To Spike or Not to Spike, that is the Question
Sanaz Mahmoodi Takaghaj, Jack Sampson
TL;DR
This work tackles the challenge of training spiking neural networks (SNNs) where spike generation is non-differentiable and highly sensitive to the neuron threshold. It introduces Rouser, an approach that treats neuron thresholds $Th^{l}_{i}$ as trainable parameters, optimizing them jointly with synaptic weights through spatiotemporal backpropagation with surrogate gradients. Empirical results on NMNIST, DVS128, and SHD show up to $30\%$ faster convergence in epochs and up to $2\%$ improvements in accuracy, along with a reduction in dead neurons and more robust learning dynamics. The method promises more reliable and efficient SNN training across neuromorphic platforms, enabling better real-time, event-driven processing.
Abstract
Neuromorphic computing has recently gained momentum with the emergence of various neuromorphic processors. As the field advances, there is an increasing focus on developing training methods that can effectively leverage the unique properties of spiking neural networks (SNNs).

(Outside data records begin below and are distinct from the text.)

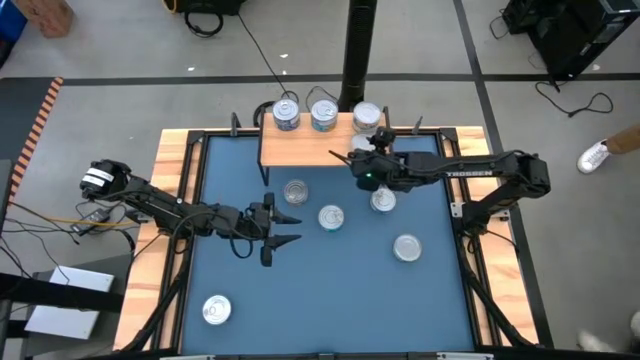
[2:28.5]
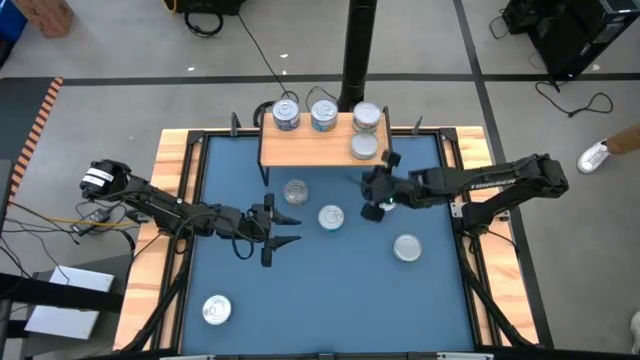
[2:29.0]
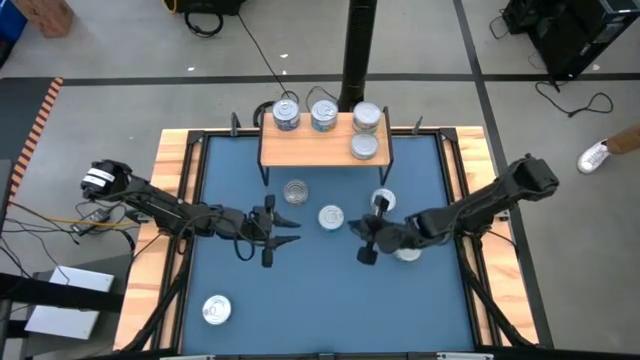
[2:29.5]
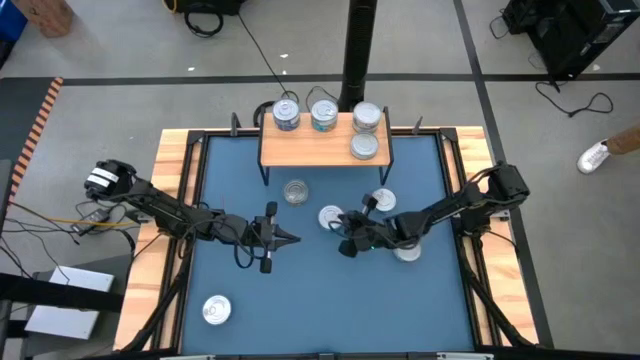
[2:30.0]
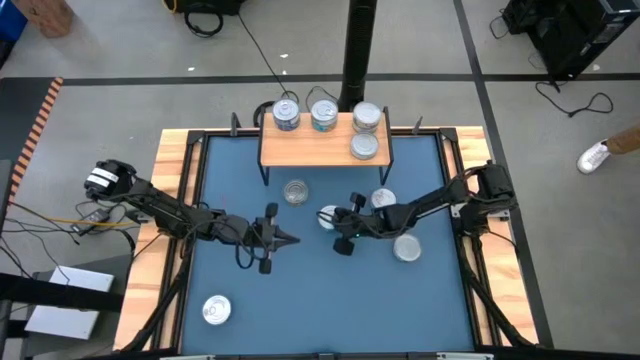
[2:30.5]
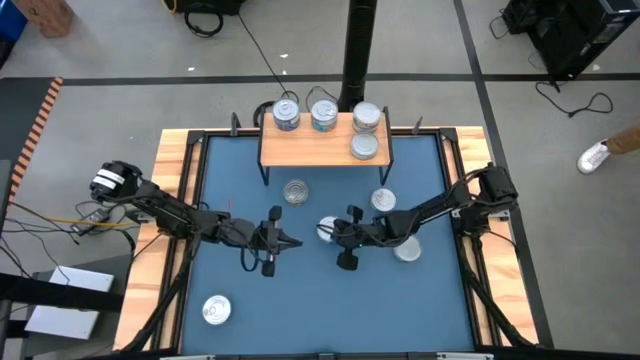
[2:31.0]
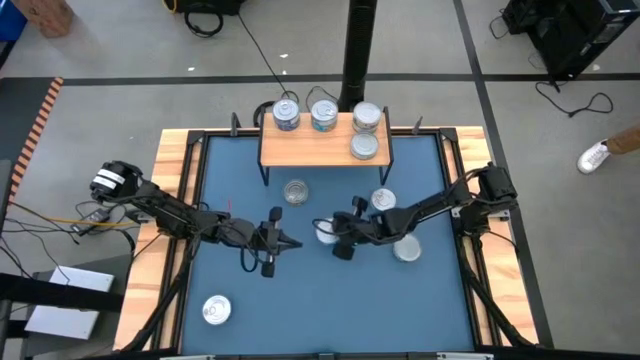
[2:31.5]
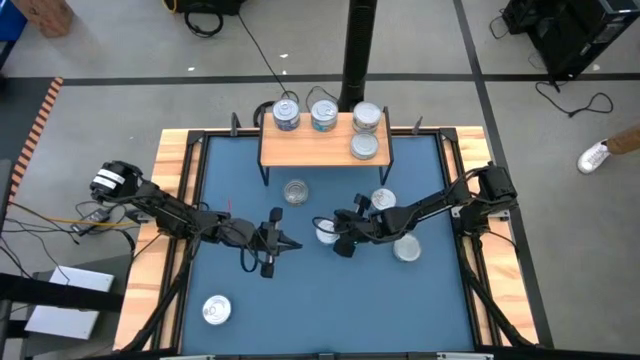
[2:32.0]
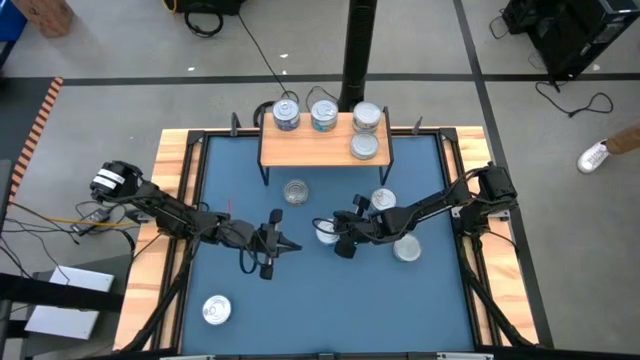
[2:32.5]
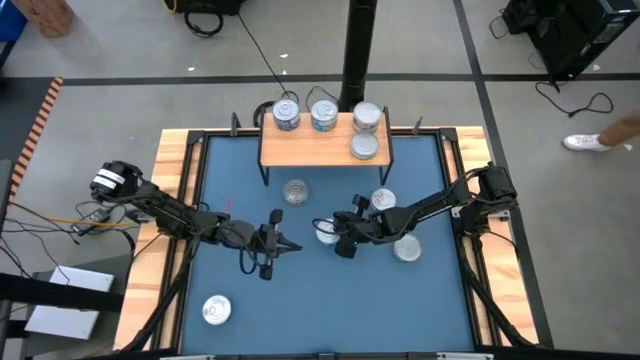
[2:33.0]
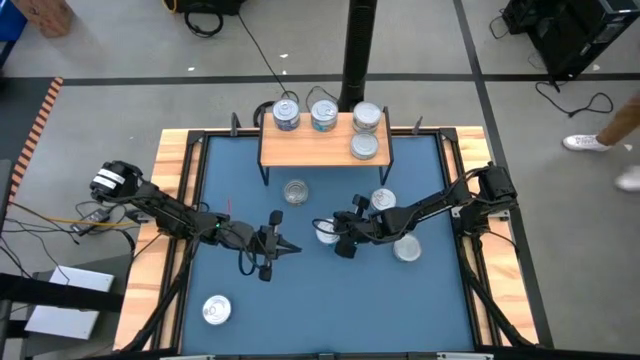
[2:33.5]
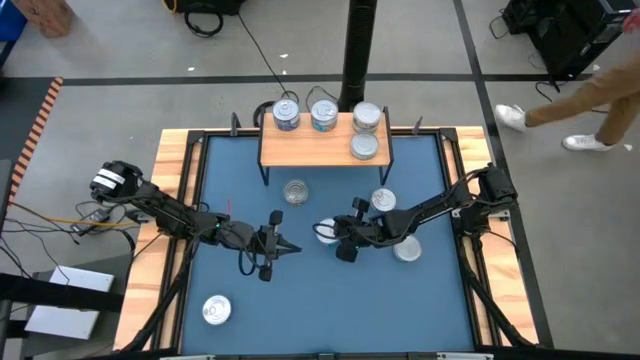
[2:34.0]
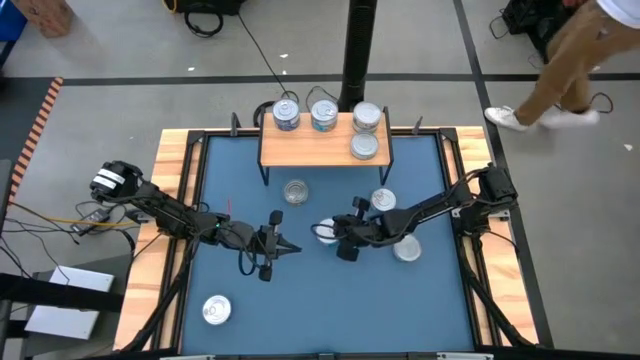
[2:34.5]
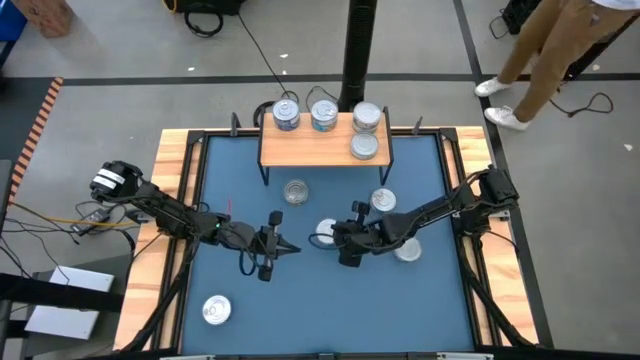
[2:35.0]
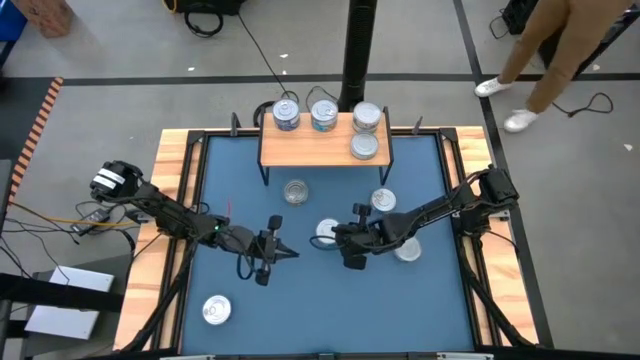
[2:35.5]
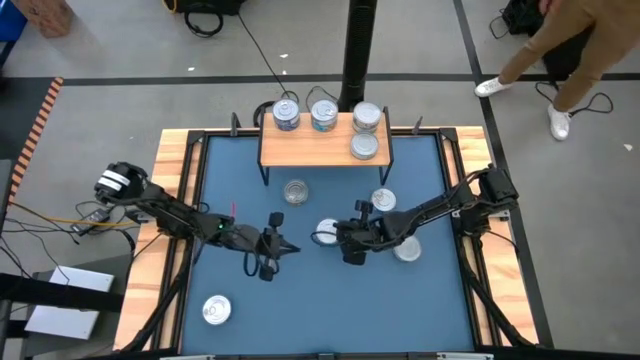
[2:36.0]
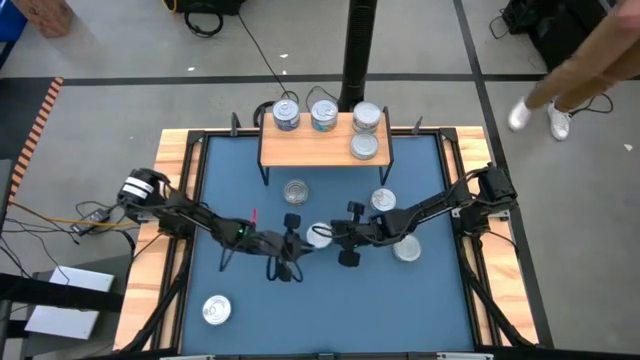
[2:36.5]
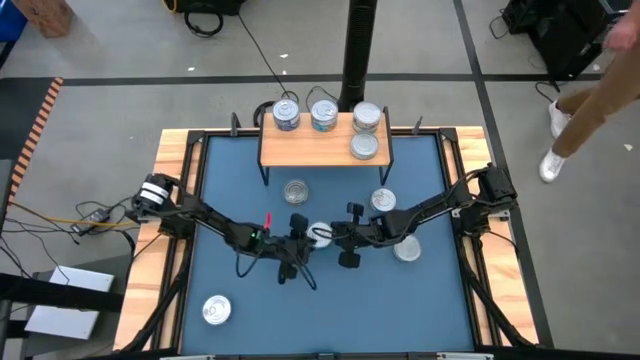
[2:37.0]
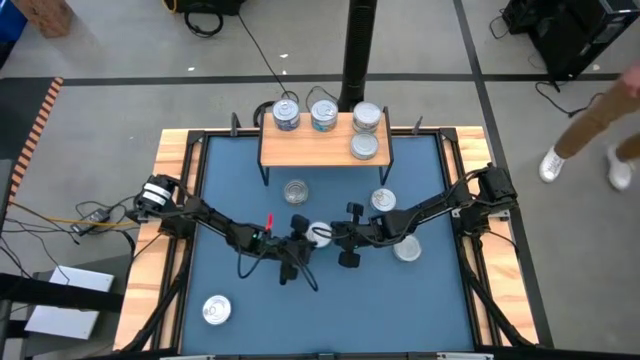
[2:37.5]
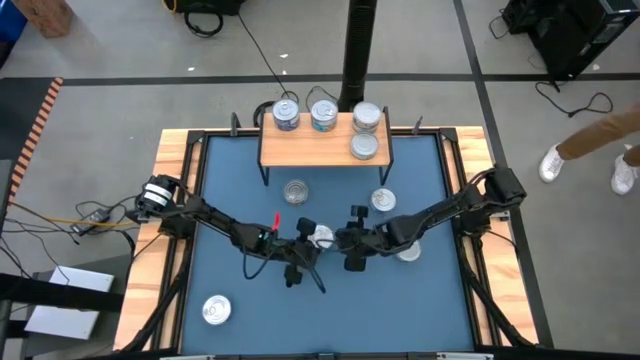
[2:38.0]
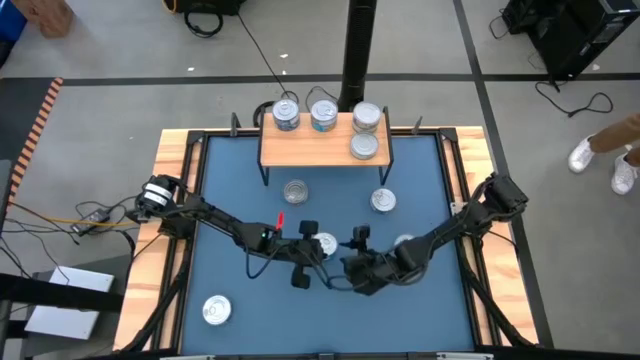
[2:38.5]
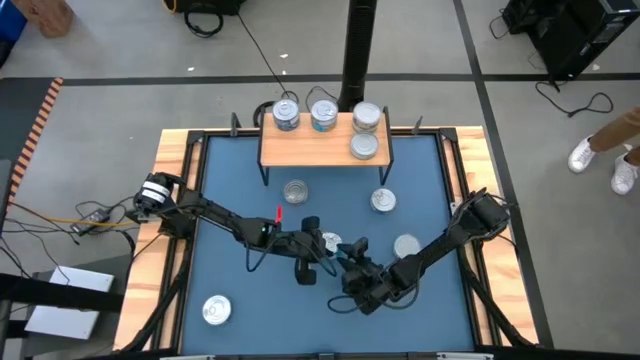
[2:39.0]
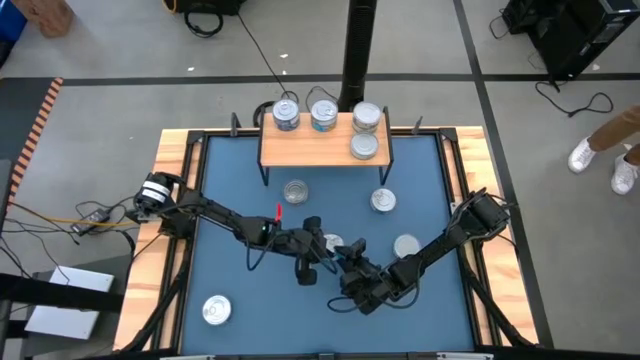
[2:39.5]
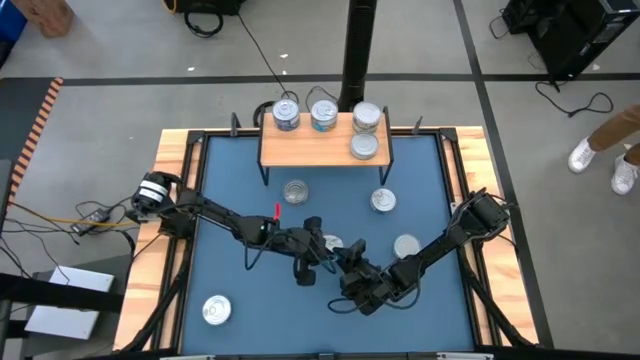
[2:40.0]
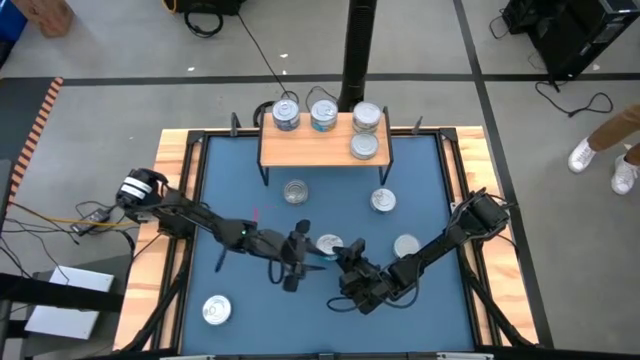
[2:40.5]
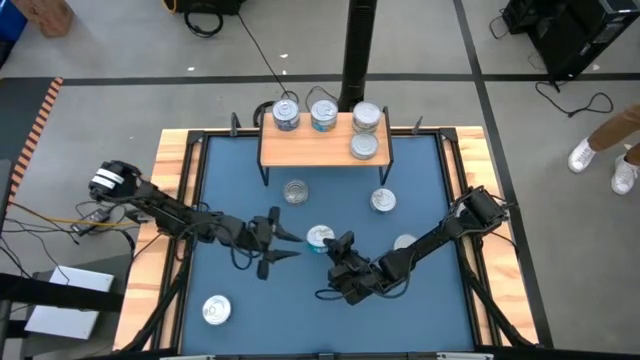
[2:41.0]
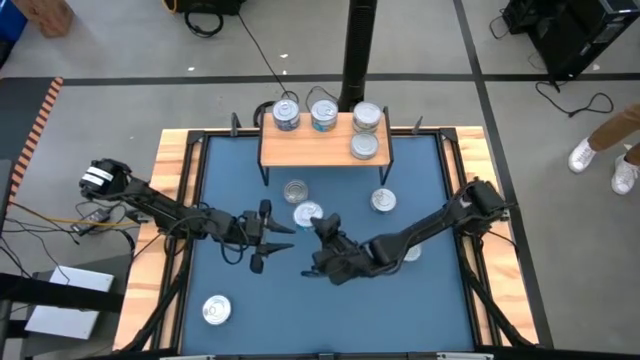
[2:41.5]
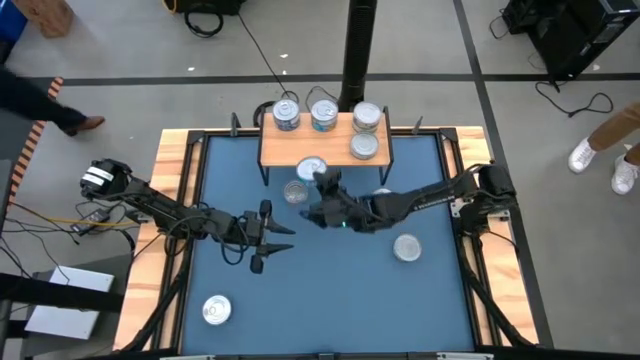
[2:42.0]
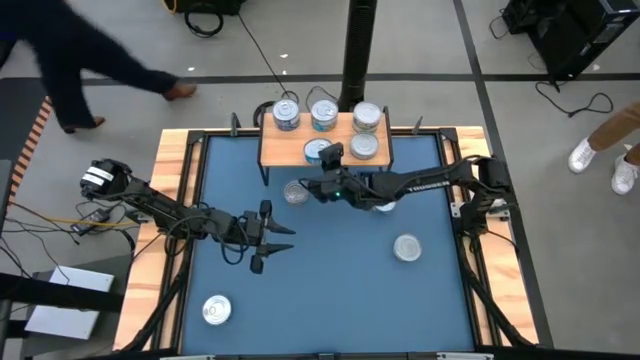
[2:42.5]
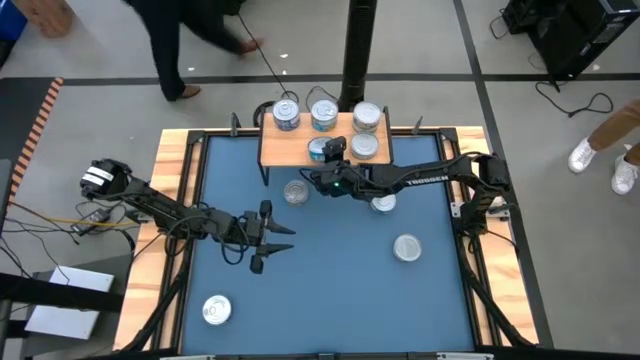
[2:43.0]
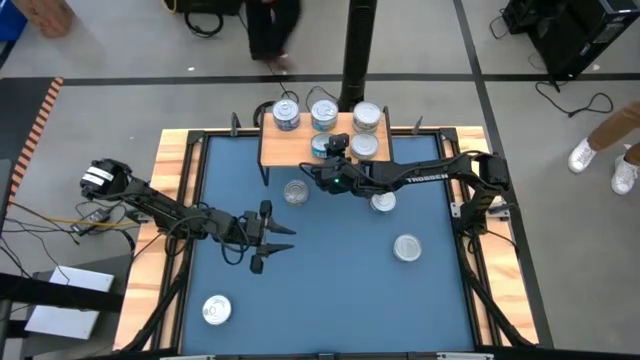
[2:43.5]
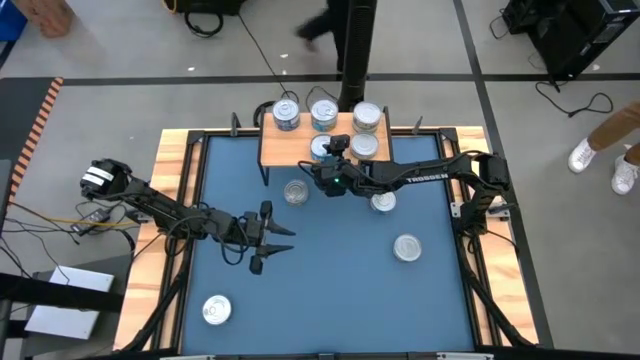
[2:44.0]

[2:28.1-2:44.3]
Task: Stack canned seafood by type on shelf
Put the light blue tuna can on the shelf aligned with the other light blue tuna can

SNNs emulate the temporal dynamics of biological neurons, making them particularly well-suited for real-time, event-driven processing. To fully harness the potential of SNNs across different neuromorphic platforms, effective training methodologies are essential. In SNNs, learning rules are based on neurons' spiking behavior, that is, if and when spikes are generated due to a neuron's membrane potential exceeding that neuron's spiking threshold, and this spike timing encodes vital information. However, the threshold is generally treated as a hyperparameter, and incorrect selection can lead to neurons that do not spike for large portions of the training process, hindering the effective rate of learning. This work focuses on the significance of learning neuron thresholds alongside weights in SNNs. Our results suggest that promoting threshold from a hyperparameter to a trainable parameter effectively addresses the issue of dead neurons during training. This leads to a more robust training algorithm, resulting in improved convergence, increased test accuracy, and a substantial reduction in the number of training epochs required to achieve viable accuracy on spatiotemporal datasets such as NMNIST, DVS128, and Spiking Heidelberg Digits (SHD), with up to 30% training speed-up and up to 2% higher accuracy on these datasets.